Still Expect Volatility in 2019

 

An extended period of historic calm in equity markets came to a screeching halt in 2018 as volatility resurfaced in most markets. For example, after recording daily declines of 1% or greater only four times in 2017, the Standard & Poor’s 500 Composite Index fell by more than 1% on 32 separate days and more than 3% on five days. Overall, global stocks declined for the first time since 2015, as the MSCI ACWI slid 9.4% in U.S. dollar terms.

 

As we once again approach record highs, it is tempting to forget the declines from 2018.  However, Investors can expect volatility to continue throughout 2019 as the primary trends driving the turbulence last year are likely to persist. Among these are the ongoing trade dispute, rising U.S. interest rates and mounting debt levels.

 

With regard to global trade, the U.S. and China continue discussions to resolve their ongoing dispute, and markets have risen on rumors of progress.

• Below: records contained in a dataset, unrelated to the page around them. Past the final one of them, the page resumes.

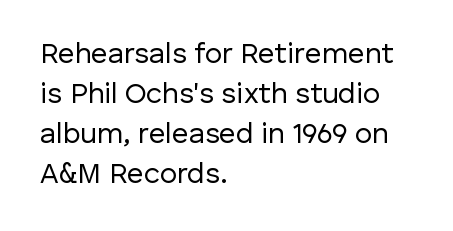
The image shows 29 px regular-weight sans-serif type, upright; set left-aligned, normal line spacing (1.38x), normal letter spacing, not underlined; low stroke contrast and a medium x-height.
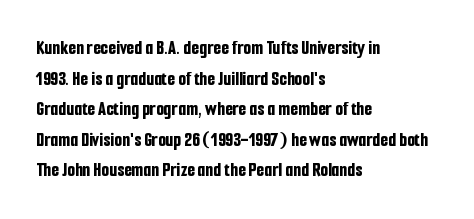
The image shows 20 px bold type, upright; set left-aligned, normal line spacing (1.53x), normal letter spacing, not underlined.
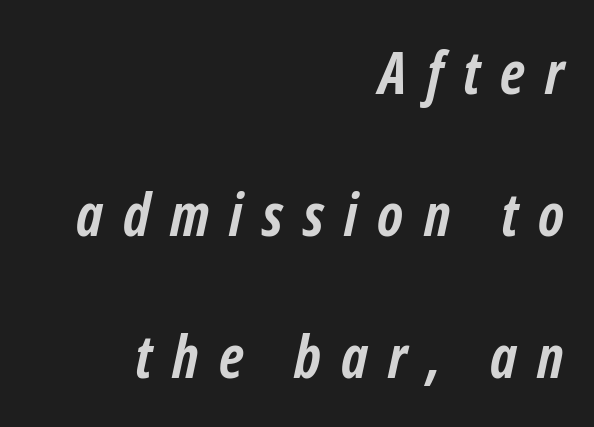
The image shows 59 px semibold, condensed type, italic (leaning right); set right-aligned, loose line spacing (2.41x), unusually wide letter spacing (+0.34 em), not underlined; low stroke contrast and a medium x-height.
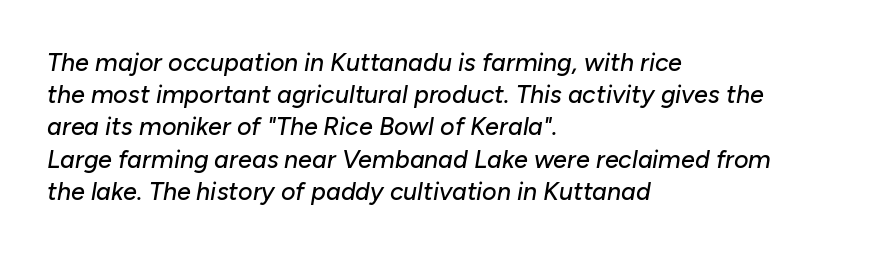
{"italic": "yes", "lean": "right", "slant_degrees": 10, "underline": "no", "align": "left", "line_spacing": "normal", "line_spacing_ratio": 1.29, "letter_spacing": "normal", "letter_spacing_em": 0.0, "glyph_px": 25}
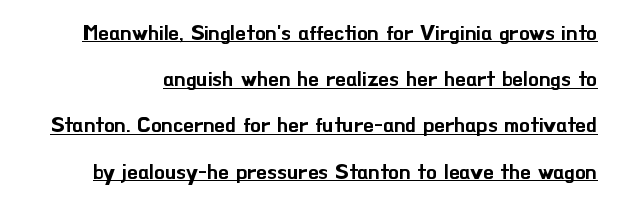
The image shows 21 px text type, upright; set loose line spacing (2.2x), normal letter spacing, underlined.
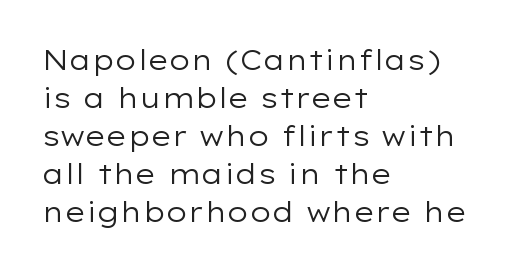
{"serif": "no", "italic": "no", "bold": "no", "weight": "regular", "width": "wide", "stroke_contrast": "low", "x_height": "medium", "monospaced": "no", "underline": "no", "align": "left", "line_spacing": "normal", "line_spacing_ratio": 1.36, "letter_spacing": "normal", "letter_spacing_em": 0.0, "glyph_px": 28}
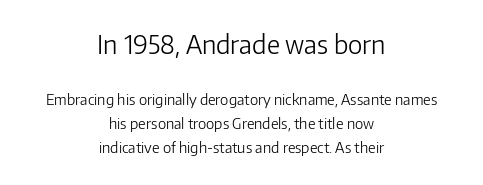
Descenders hang freely into open space. The gaps between neighbouring characters are ordinary and unremarkable. Upright lettering throughout. If you measured baseline to baseline, you'd find a middling distance.
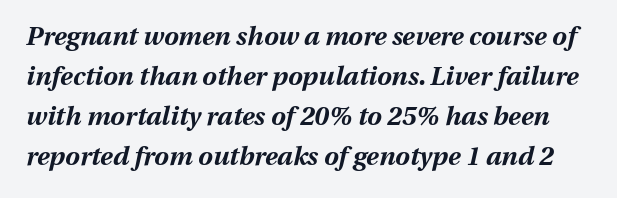
Descenders are the only things crossing below the line. Vertically, the passage feels balanced, rows spaced as you'd expect. The rendering uses a bold face; every stroke is thick and dark. The letters sit at their default tracking, neither squeezed nor spread. Every character sits at an angle, as italics do.
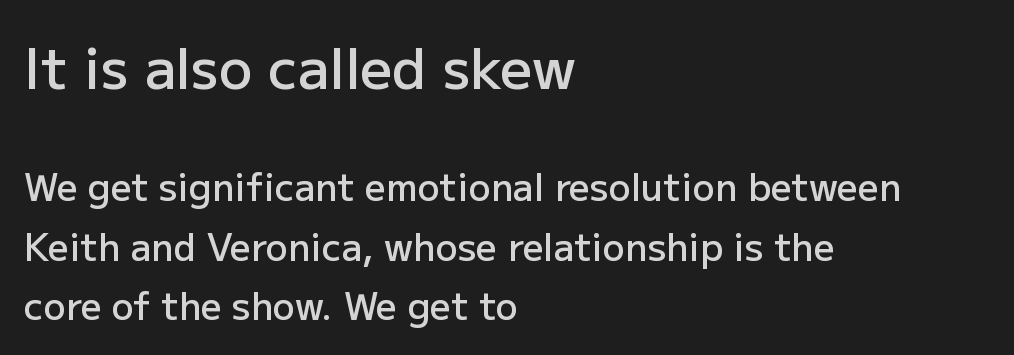
Q: Is the text bold? A: Semi-bold.
Q: Is the text italic (slanted)? A: No, it is upright.
Q: Is the typeface a serif or a sans-serif typeface? A: Sans-serif.
Q: Is the text underlined? A: No.
Q: How is the paragraph aligned? A: Left-aligned.
Q: Is the spacing between letters normal or unusually wide? A: Normal.
Q: Is the spacing between lines tight, normal or loose? A: Normal.
Q: Which block of text is set in a larger size, the first (top) or the second (bottom)? A: The first (top) one.
Q: Width (condensed, normal, or wide)? A: Normal.
Q: Stroke contrast? A: Low.
Q: x-height? A: Medium.
Q: Monospaced? A: No.
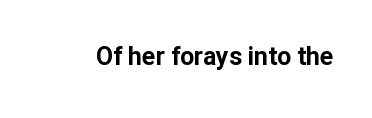
Underlining? Definitely not there. Strong, thick strokes mark this as bold type. This sample uses an upright cut, with every glyph sitting square on the baseline. A typesetter would call this zero additional tracking.
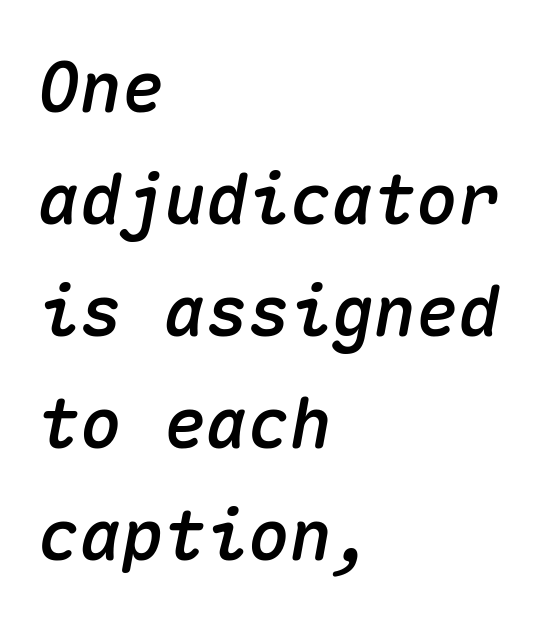
Does extra space separate the letters? No, they use regular spacing. Bare-footed words on every line. Is this a fixed-width face? Yes — each glyph sits in an identical cell. Compared with typical paragraphs, the rows here are spaced about the same. The font's italic variant was chosen for this text. This sample is left-justified, so line endings fall wherever the words run out.
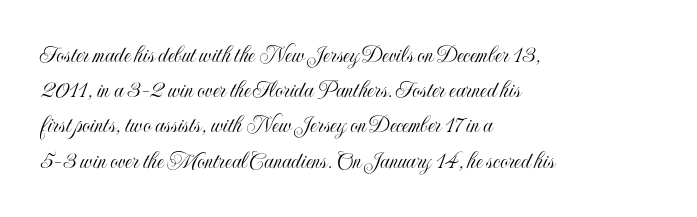
The image shows 25 px text type; set left-aligned, normal line spacing (1.41x), normal letter spacing, not underlined.
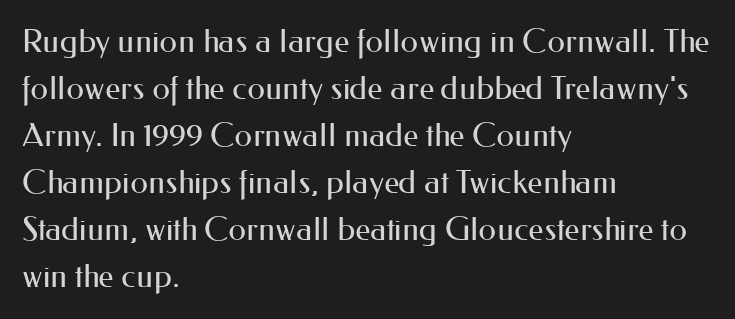
If you drew a line through each stem, it would be perfectly vertical. Line spacing here is normal. The letters advance in unequal steps, a hallmark of proportional type. Look at the bottom of the vertical strokes: they stop flat, with no serifs. The characters are drawn with everyday or finer stroke widths. The tracking reads as untouched default to a designer's eye.
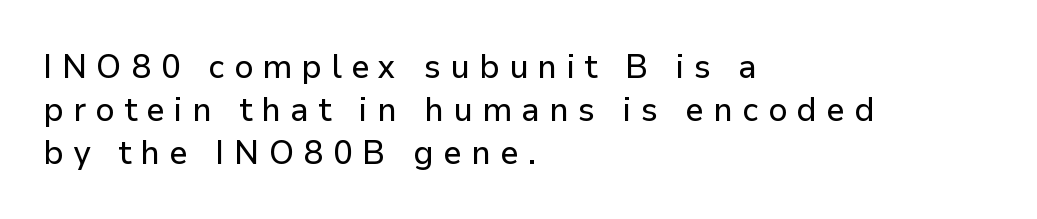
Q: Is the text italic (slanted)? A: No, it is upright.
Q: Is the typeface a serif or a sans-serif typeface? A: Sans-serif.
Q: Is the text underlined? A: No.
Q: How is the paragraph aligned? A: Left-aligned.
Q: Is the spacing between letters normal or unusually wide? A: Unusually wide.
Q: Is the spacing between lines tight, normal or loose? A: Normal.
Q: Width (condensed, normal, or wide)? A: Normal.
Q: Stroke contrast? A: Low.
Q: x-height? A: Medium.
Q: Monospaced? A: No.
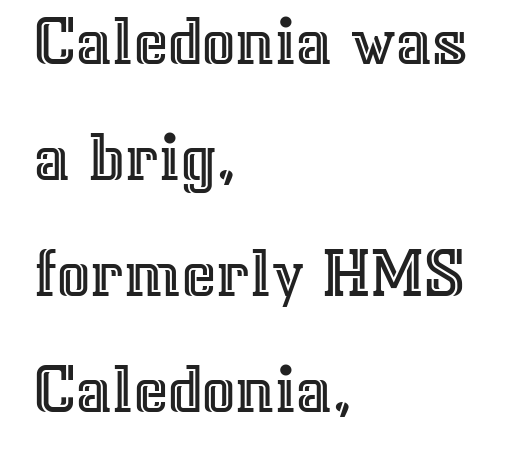
The image shows 73 px text type, upright; set left-aligned, normal line spacing (1.59x), normal letter spacing, not underlined; a medium x-height.
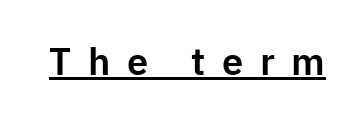
The image shows 38 px sans-serif type, upright; set unusually wide letter spacing (+0.44 em), underlined; low stroke contrast and a medium x-height.
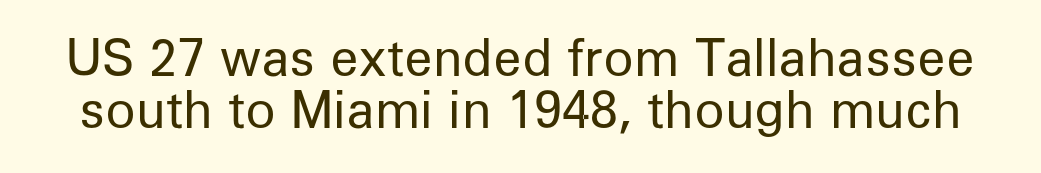
Every character sits straight up, as roman type does. Each word holds together tightly as a unit, with standard inter-letter gaps. On a weight scale, this lands at 450 or below. Does the type have serifs? No, each stem ends abruptly. Does the leading feel generous? Not at all — it's pinched.

However, investors are mindful that the disagreement could drag on as tariffs continue to disrupt the flow of goods among the U.S., China, Europe and other trade partners.

 

After raising interest rates four times in 2018, contributing to some of the market turbulence, the U.S. Federal Reserve has recently indicated that it will pause or slow rate hikes in 2019. While this may be heartening to uneasy investors, the Fed continues to sell assets to reduce its balance sheet, contributing to tighter monetary conditions. The tighter conditions, along with uncertainty over how the Fed plans to proceed, could fuel volatility going forward.

 

Meanwhile, thanks to the historically low rates of recent years, debt levels have escalated as government agencies, consumers and companies have aggressively taken advantage of cheap debt. As debt-service costs rise, borrowers may have to limit their spending.

 

We continue to believe that remaining appropriately diversified and focusing on fundamentals remains the best approach.